Esa fue la primera sensación de Zou Beiqi al abrir los ojos. Le dolían la cintura y las piernas, y sentía como si su cuerpo se hubiera quedado completamente sin batería, sumido en un estado de agotamiento extremo.
Con esfuerzo, se incorporó en el otro lado de la cama de la habitación del hotel, se echó una prenda por encima y contempló, impotente y desesperado, al hombre que seguía profundamente dormido.
……
Al principio, Zou Beiqi no pertenecía a este mundo.
Originalmente estaba sentado en una clase de marxismo, luchando contra el sueño, cuando el compañero que tenía al lado de repente comenzó a reírse a carcajadas y le tendió un teléfono.

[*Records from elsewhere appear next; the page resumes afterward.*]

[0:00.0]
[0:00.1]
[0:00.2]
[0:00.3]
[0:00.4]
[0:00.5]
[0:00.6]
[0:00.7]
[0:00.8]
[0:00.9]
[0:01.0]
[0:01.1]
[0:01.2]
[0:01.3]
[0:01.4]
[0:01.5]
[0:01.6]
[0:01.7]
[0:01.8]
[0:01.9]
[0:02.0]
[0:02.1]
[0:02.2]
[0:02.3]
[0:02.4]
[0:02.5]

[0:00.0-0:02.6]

Zou Beiqi lo tomó y vio que en la pantalla aparecía la página de una novela. Como de todos modos no tenía nada que hacer, comenzó a leer pacientemente aquella novela danmei sobre embarazo masculino. Apenas la abrió, descubrió que compartía nombre y apellido con un antagonista pobre y miserable que hacía todo lo posible por casarse con el protagonista gong y entrar así en una familia adinerada.
Para conseguirlo, aquel antagonista había mentido diciendo que era el acompañante de cierto joven señor y se había colado en una fiesta de la alta sociedad. Después de enterarse de que habían drogado la bebida del protagonista gong, aprovechó que este se encontraba inconsciente para llevarlo a una habitación de hotel y fingir que ambos habían pasado la noche juntos.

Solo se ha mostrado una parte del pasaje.